Het vliegtuig van belanghebbende moet tot diens beroepsvermogen gerekend worden omdat er een rechtstreeks verband bestaat tussen het vliegtuig en het beroep van belanghebbende.
Alle met het vliegtuig verband houdende kosten – waaronder afschrijvingen - moeten ten laste van de winst uit het zelfstandig uitgeoefende beroep van belanghebbende komen.
De door belanghebbende aan het vliegtuig gegeven bestemming en het gebruik dat hij daarvan maakt, brengen met zich dat het vliegtuig niet anders dan als deel van het beroepsvermogen van belanghebbende kan worden aangemerkt.
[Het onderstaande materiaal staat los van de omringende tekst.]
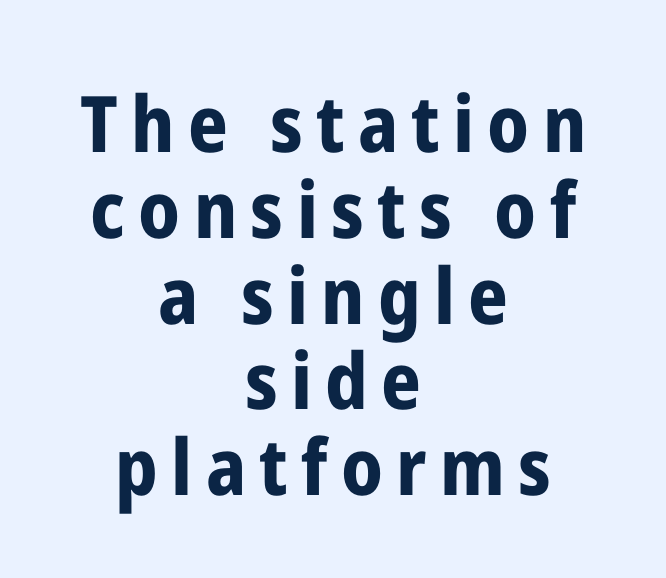
Q: Is the text bold? A: Yes.
Q: Is the text italic (slanted)? A: No, it is upright.
Q: Is the typeface a serif or a sans-serif typeface? A: Sans-serif.
Q: Is the text underlined? A: No.
Q: How is the paragraph aligned? A: Centered.
Q: Is the spacing between lines tight, normal or loose? A: Tight.
Q: Width (condensed, normal, or wide)? A: Condensed.
Q: Stroke contrast? A: Low.
Q: x-height? A: Medium.
Q: Monospaced? A: No.
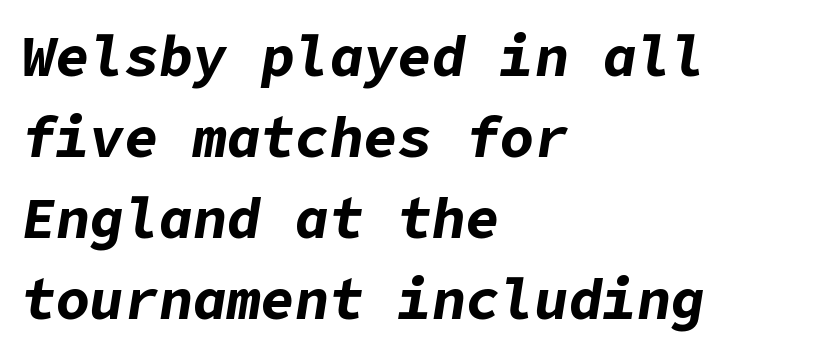
Inter-character spacing is left at the font's built-in metrics. How would I describe the line gaps? Plain and ordinary. A dark, heavy texture on the line: the type is bold. Descenders hang freely into open space. The paragraph shown leans on its left margin.
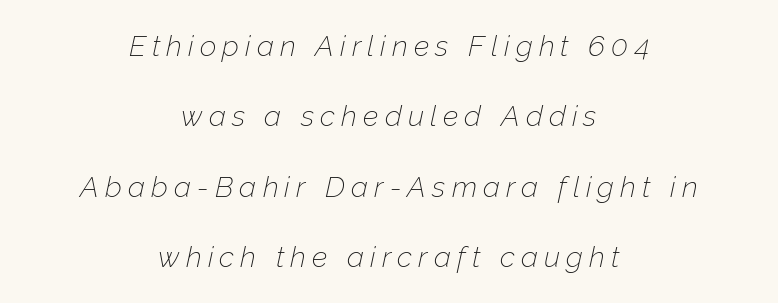
Words appear elongated and porous because spacing is wide. The rendering uses natural spacing where letterforms have individual widths. This sample uses an oblique cut, with every glyph tilted off the vertical. Leading is clearly above the norm, producing a sparse column. This rendering features lettering with no underline.
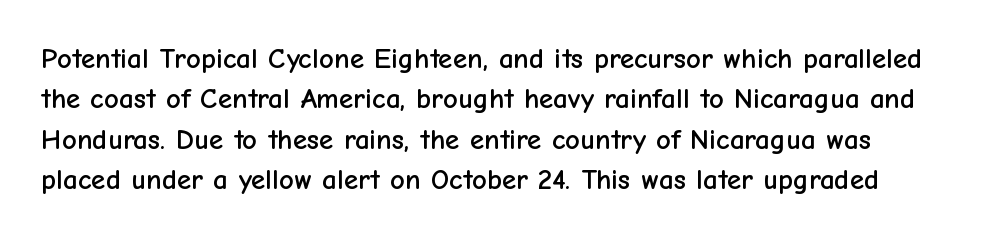
Q: Is the text italic (slanted)? A: No, it is upright.
Q: Is the typeface a serif or a sans-serif typeface? A: Sans-serif.
Q: Is the text underlined? A: No.
Q: Is the spacing between letters normal or unusually wide? A: Normal.
Q: Is the spacing between lines tight, normal or loose? A: Normal.
Q: Width (condensed, normal, or wide)? A: Normal.
Q: Stroke contrast? A: Low.
Q: x-height? A: Medium.
Q: Monospaced? A: No.
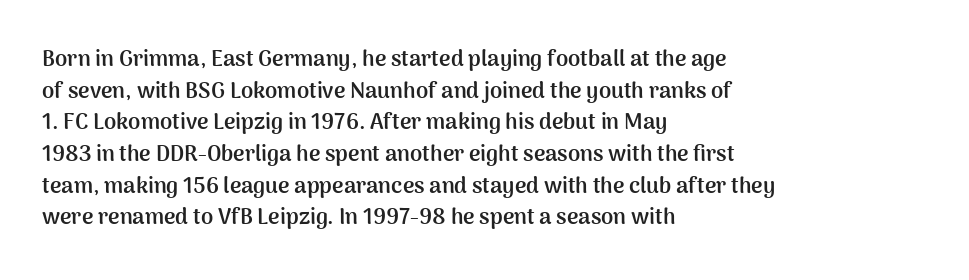
Beneath every word, the page is bare. Successive baselines arrive at the customary interval. It's the straight-up-and-down kind of type. Which margin do the lines hug? The left one — the right edge is uneven. Thick stems and heavy bowls — unmistakably bold.
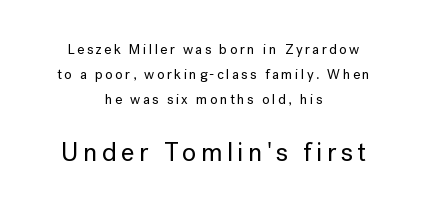
The image shows 26 px text type, upright; set centered, line spacing 1.77x, not underlined; the second (bottom) block is 1.86x larger.
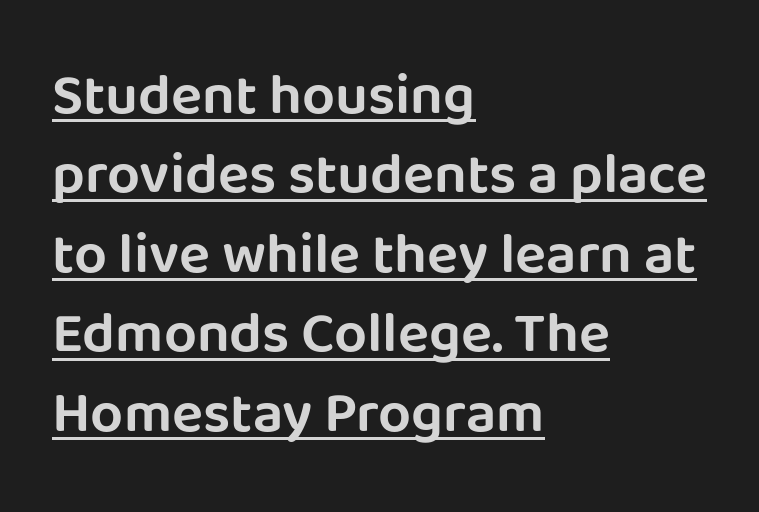
Underlining? Definitely there. The block of text has a typical density, with ordinary space between rows. A student would call this left alignment; a typographer would say flush left, rag right. Characters follow at the spacing the type designer built in.
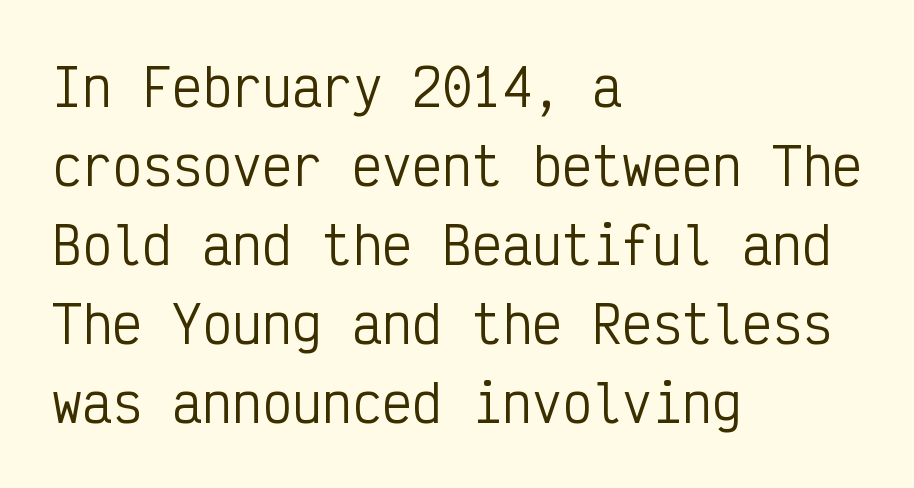
{"serif": "no", "italic": "no", "bold": "no", "weight": "regular", "width": "condensed", "stroke_contrast": "low", "x_height": "medium", "monospaced": "yes", "underline": "no", "align": "left", "line_spacing": "normal", "line_spacing_ratio": 1.58, "letter_spacing": "normal", "letter_spacing_em": 0.0, "glyph_px": 50}

Belanghebbende heeft het vliegtuig aangeschaft ten einde daardoor beter in staat te zijn congressen en symposia bij te wonen en te kunnen assisteren bij operaties waarbij geavanceerde technieken worden toegepast.
Aan de hand van het logboek kan vastgesteld worden dat het vliegtuig vrijwel uitsluitend hiervoor wordt gebruikt.
Hieruit vloeit voort dat al deze met de beroepsuitoefening van belanghebbende verband houdende kosten van het vliegtuig - waaronder afschrijvingen - ten laste van de winst uit het zelfstandig uitgeoefende beroep van belanghebbende moeten komen;
het komt de inspecteur niet toe in bepaalde gevallen hiervoor fictieve kosten in de plaats te stellen en in andere gevallen kosten buiten aanmerking te laten.
Belanghebbende kan het vliegtuig in redelijkheid tot zijn beroepsvermogen rekenen.
Alle met het vliegtuig verband houdende kosten – waaronder afschrijvingen - moeten ten laste van de winst uit het zelfstandig uitgeoefende beroep van belanghebbende komen.
Het komt de inspecteur niet toe te treden in de beoordeling van het beleid van belanghebbende als beroepsbeoefenaar.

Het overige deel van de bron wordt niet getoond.